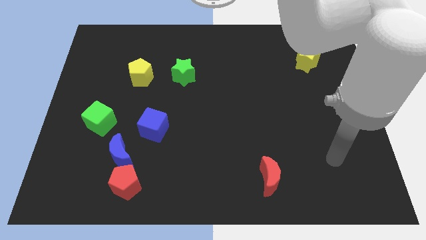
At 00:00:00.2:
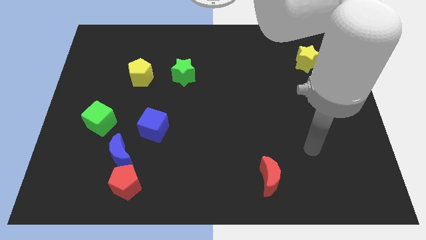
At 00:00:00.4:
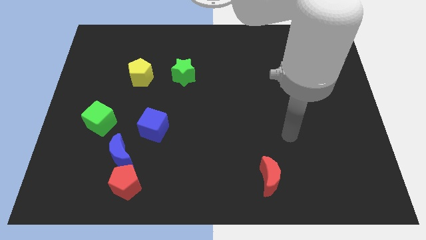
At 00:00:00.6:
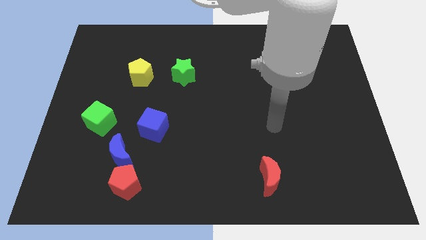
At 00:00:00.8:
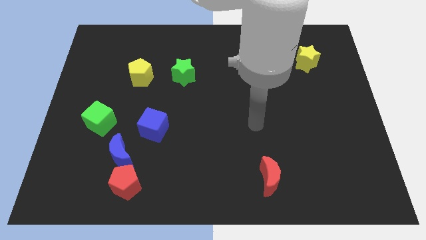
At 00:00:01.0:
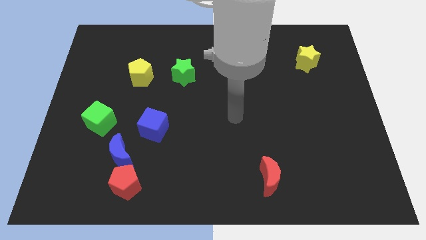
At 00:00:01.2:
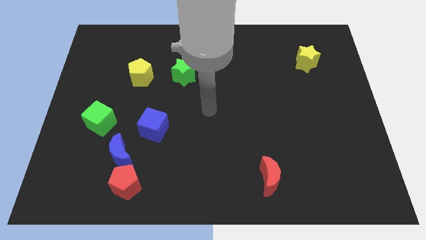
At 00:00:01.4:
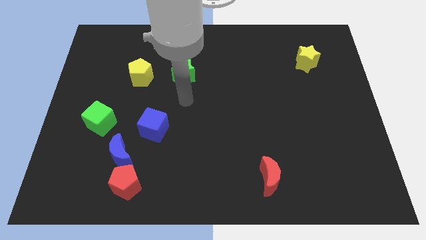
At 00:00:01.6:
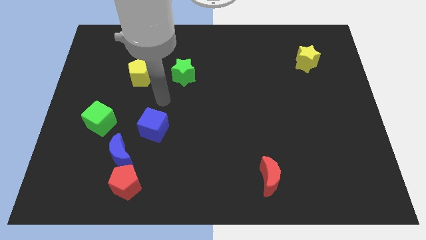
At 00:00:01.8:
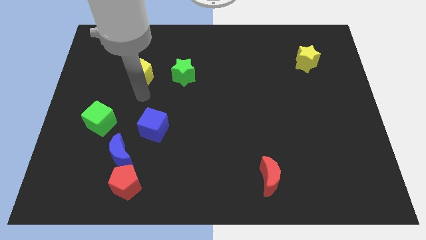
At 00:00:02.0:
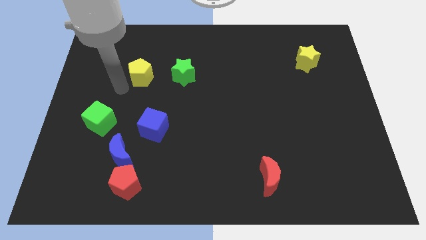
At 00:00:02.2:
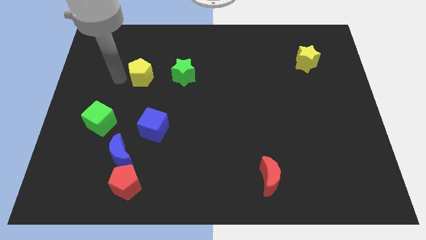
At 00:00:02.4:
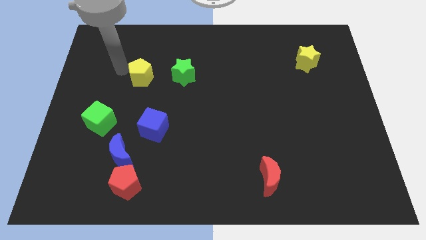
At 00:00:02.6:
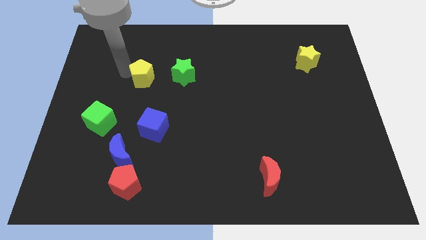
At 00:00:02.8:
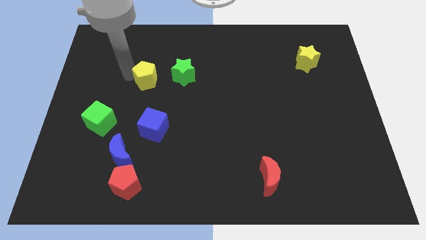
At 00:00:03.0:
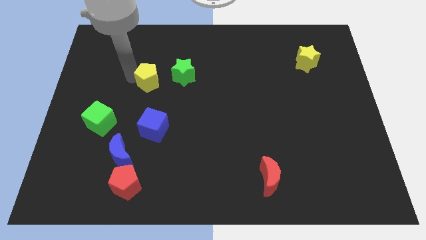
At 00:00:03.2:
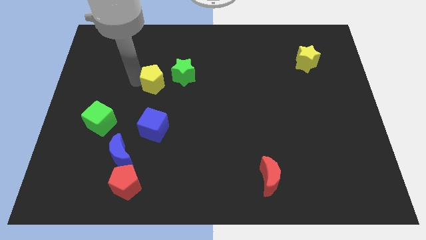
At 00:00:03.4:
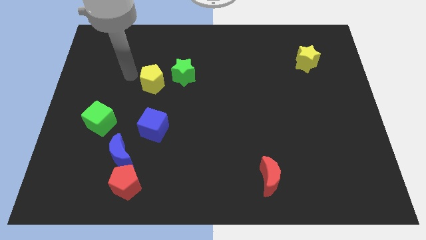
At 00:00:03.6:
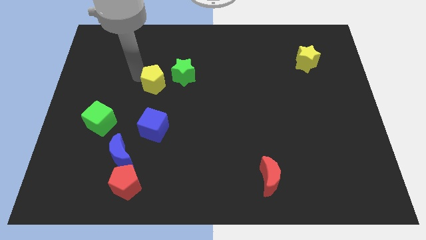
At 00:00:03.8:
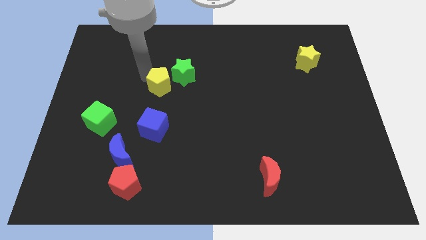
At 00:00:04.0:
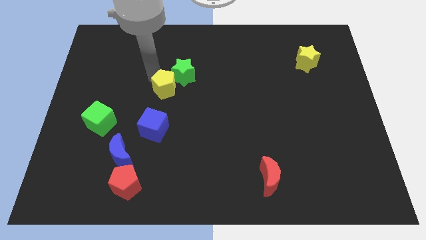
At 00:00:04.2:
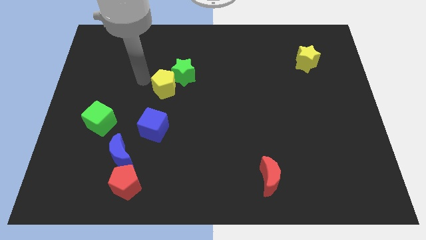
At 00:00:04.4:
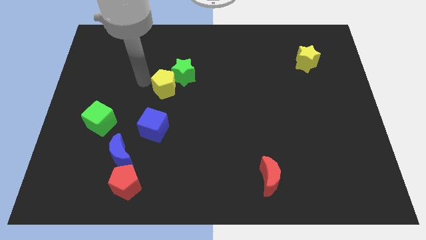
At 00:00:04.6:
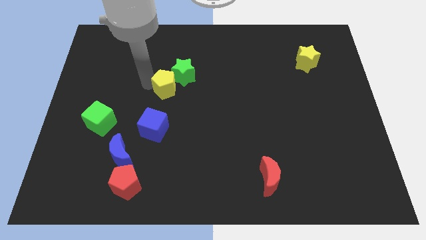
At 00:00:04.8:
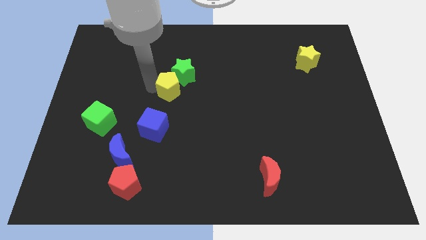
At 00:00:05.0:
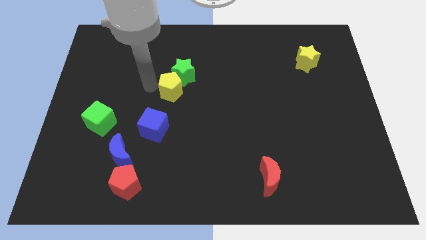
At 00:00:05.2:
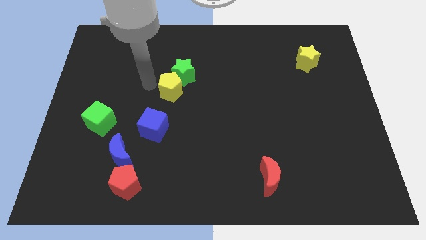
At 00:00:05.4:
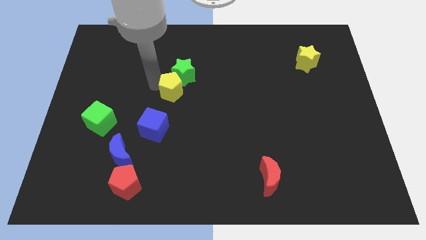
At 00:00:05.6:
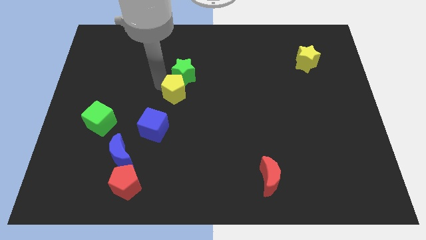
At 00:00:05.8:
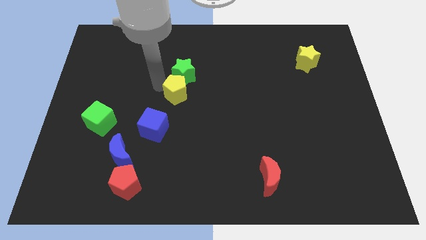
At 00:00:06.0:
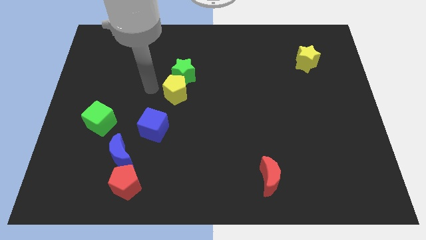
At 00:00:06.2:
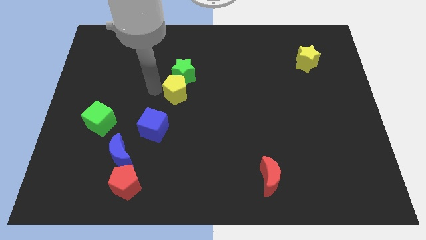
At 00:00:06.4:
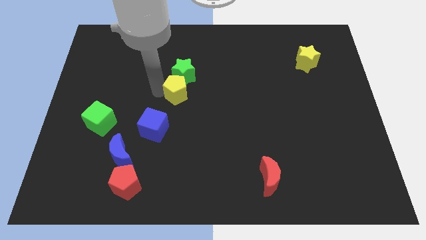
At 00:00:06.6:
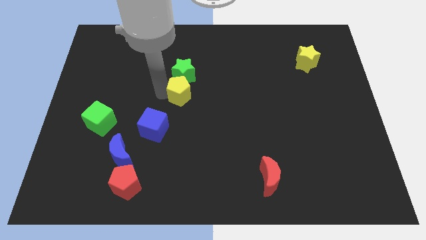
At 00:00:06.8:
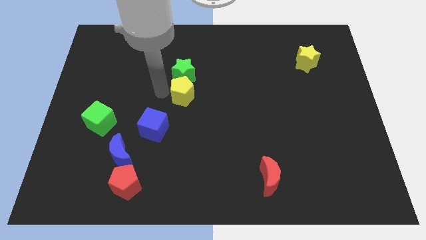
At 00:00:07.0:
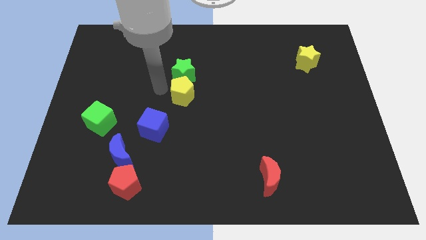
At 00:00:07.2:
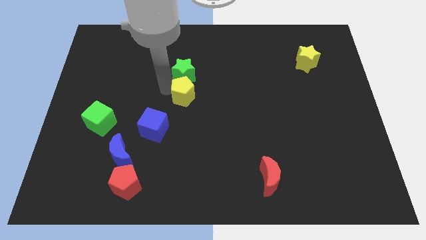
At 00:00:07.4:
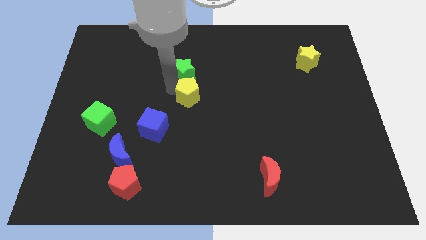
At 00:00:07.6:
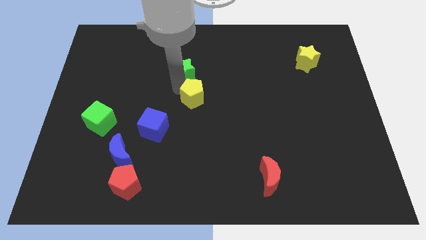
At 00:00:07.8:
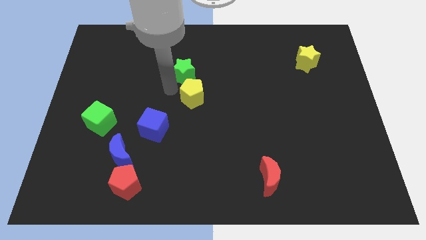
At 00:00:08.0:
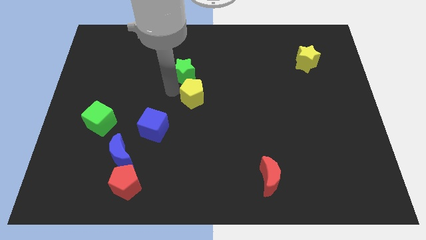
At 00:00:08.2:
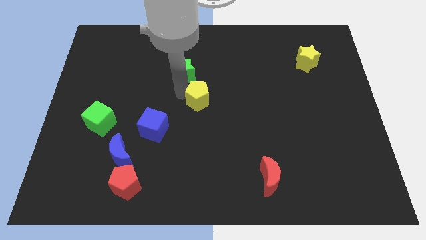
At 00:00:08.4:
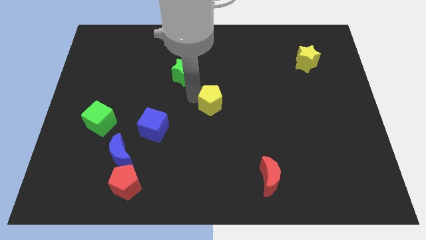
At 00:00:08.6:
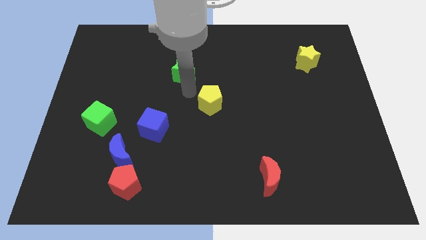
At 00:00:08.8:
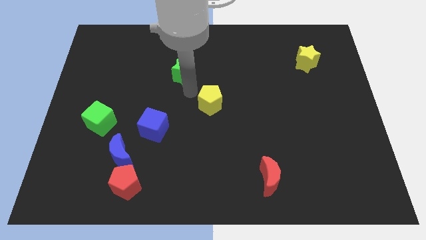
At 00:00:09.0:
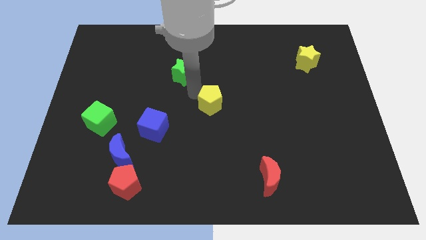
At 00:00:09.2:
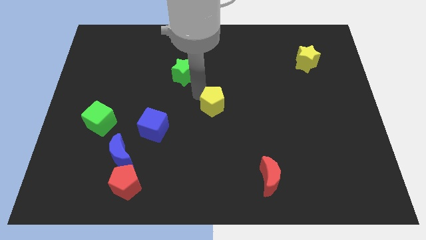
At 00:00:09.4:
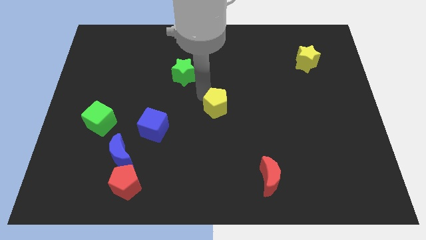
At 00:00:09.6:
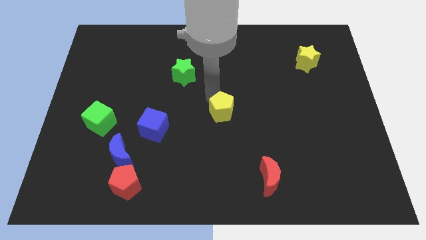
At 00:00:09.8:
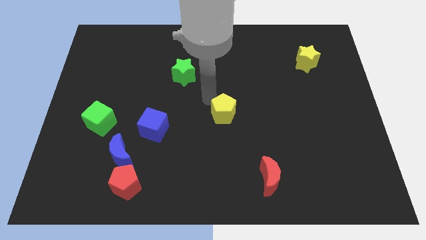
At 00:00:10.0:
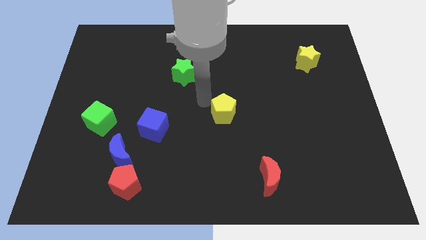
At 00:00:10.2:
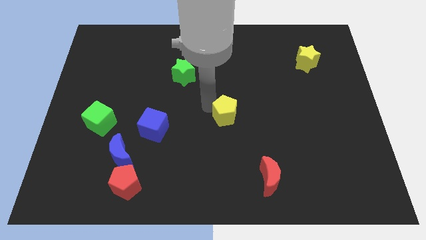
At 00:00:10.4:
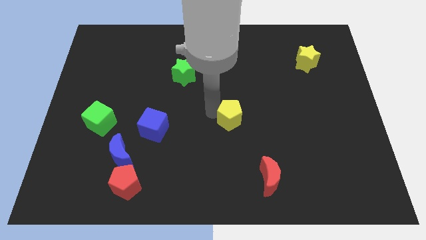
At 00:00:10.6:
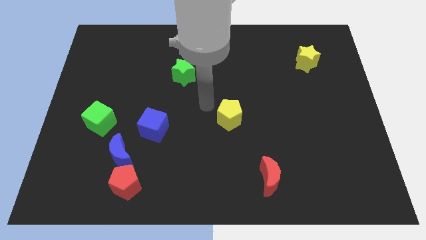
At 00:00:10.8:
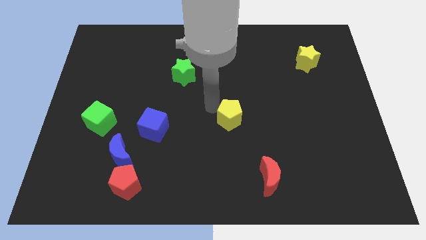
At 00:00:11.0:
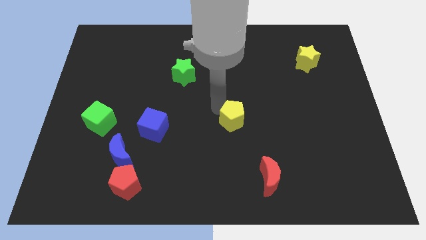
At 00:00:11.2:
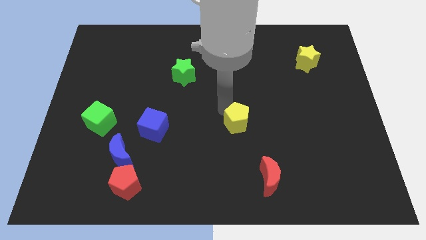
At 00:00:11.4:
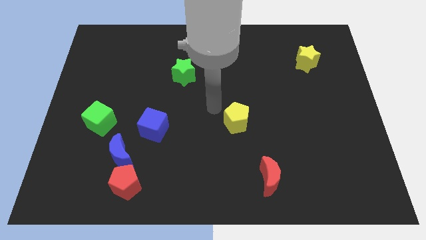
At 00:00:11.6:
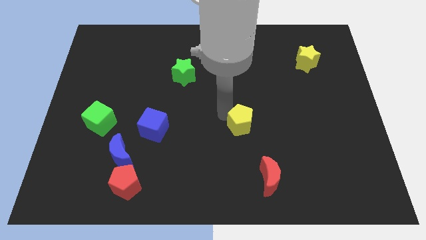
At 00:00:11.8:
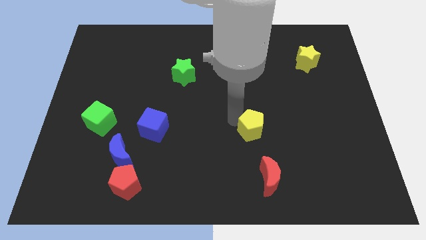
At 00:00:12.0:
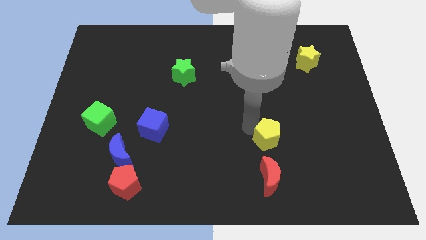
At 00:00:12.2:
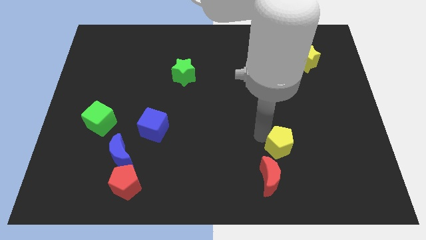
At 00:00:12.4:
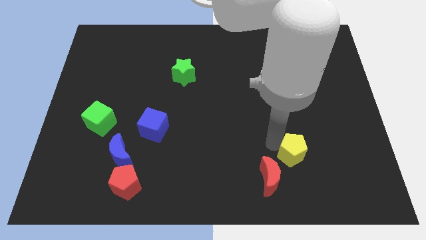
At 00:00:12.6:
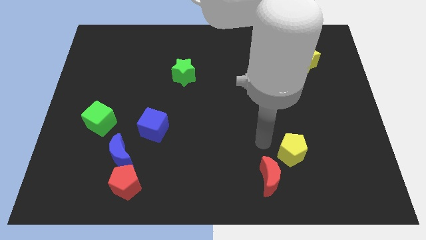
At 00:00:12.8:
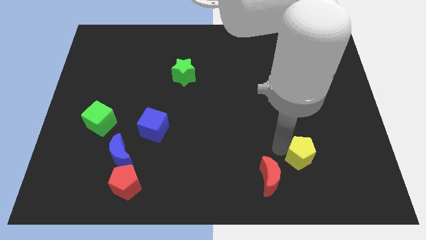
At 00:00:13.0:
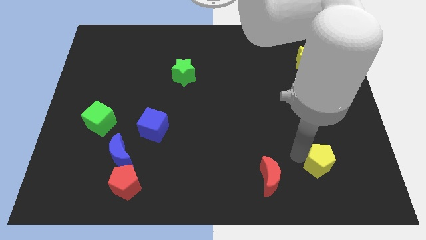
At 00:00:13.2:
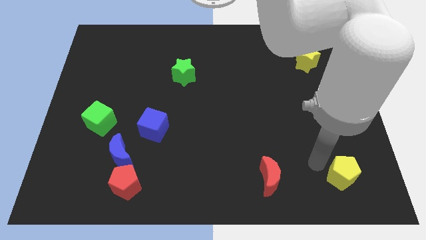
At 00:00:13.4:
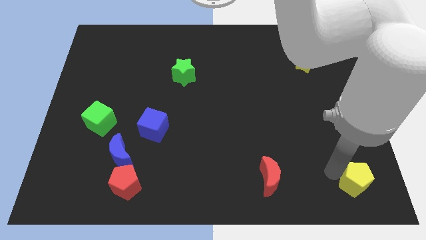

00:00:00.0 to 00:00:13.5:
move the yellow pentagon to the bottom right corner

Task to complete: From the first line to the last, output the data exactly, without the pictures.

Answer to the problem:
At 00:00:00.2:
At 00:00:00.4:
At 00:00:00.6:
At 00:00:00.8:
At 00:00:01.0:
At 00:00:01.2:
At 00:00:01.4:
At 00:00:01.6:
At 00:00:01.8:
At 00:00:02.0:
At 00:00:02.2:
At 00:00:02.4:
At 00:00:02.6:
At 00:00:02.8:
At 00:00:03.0:
At 00:00:03.2:
At 00:00:03.4:
At 00:00:03.6:
At 00:00:03.8:
At 00:00:04.0:
At 00:00:04.2:
At 00:00:04.4:
At 00:00:04.6:
At 00:00:04.8:
At 00:00:05.0:
At 00:00:05.2:
At 00:00:05.4:
At 00:00:05.6:
At 00:00:05.8:
At 00:00:06.0:
At 00:00:06.2:
At 00:00:06.4:
At 00:00:06.6:
At 00:00:06.8:
At 00:00:07.0:
At 00:00:07.2:
At 00:00:07.4:
At 00:00:07.6:
At 00:00:07.8:
At 00:00:08.0:
At 00:00:08.2:
At 00:00:08.4:
At 00:00:08.6:
At 00:00:08.8:
At 00:00:09.0:
At 00:00:09.2:
At 00:00:09.4:
At 00:00:09.6:
At 00:00:09.8:
At 00:00:10.0:
At 00:00:10.2:
At 00:00:10.4:
At 00:00:10.6:
At 00:00:10.8:
At 00:00:11.0:
At 00:00:11.2:
At 00:00:11.4:
At 00:00:11.6:
At 00:00:11.8:
At 00:00:12.0:
At 00:00:12.2:
At 00:00:12.4:
At 00:00:12.6:
At 00:00:12.8:
At 00:00:13.0:
At 00:00:13.2:
At 00:00:13.4:

00:00:00.0 to 00:00:13.5:
move the yellow pentagon to the bottom right corner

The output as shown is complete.